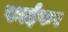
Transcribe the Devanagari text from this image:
फाईफर
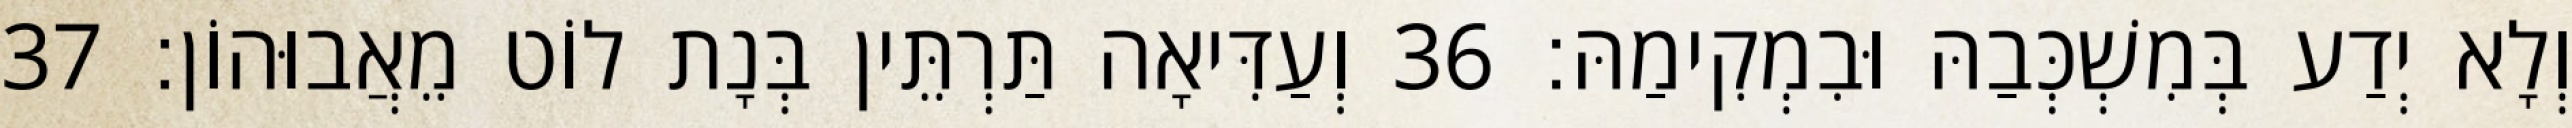
וְלָא יְדַע בְּמִשְׁכְּבַהּ וּבִמְקִימַהּ׃ 36 וְעַדִּיאָה תַּרְתֵּין בְּנָת לוֹט מֵאֲבוּהוֹן׃ 37
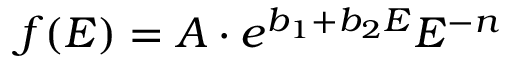
f ( E ) = A \cdot e ^ { b _ { 1 } + b _ { 2 } E } E ^ { - n }
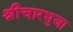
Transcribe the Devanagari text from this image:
श्रीचारभुजा
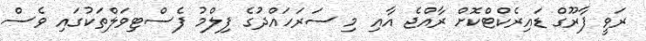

━━━━━━━━━━

WHAT YOU ARE ASKED TO DO: Exactly as written, give the entries above again, with no images.

TASK RESPONSE:
Transcribe the Devanagari text from this image:
फाईफर
וְלָא יְדַע בְּמִשְׁכְּבַהּ וּבִמְקִימַהּ׃ 36 וְעַדִּיאָה תַּרְתֵּין בְּנָת לוֹט מֵאֲבוּהוֹן׃ 37
f ( E ) = A \cdot e ^ { b _ { 1 } + b _ { 2 } E } E ^ { - n }
Transcribe the Devanagari text from this image:
श्रीचारभुजा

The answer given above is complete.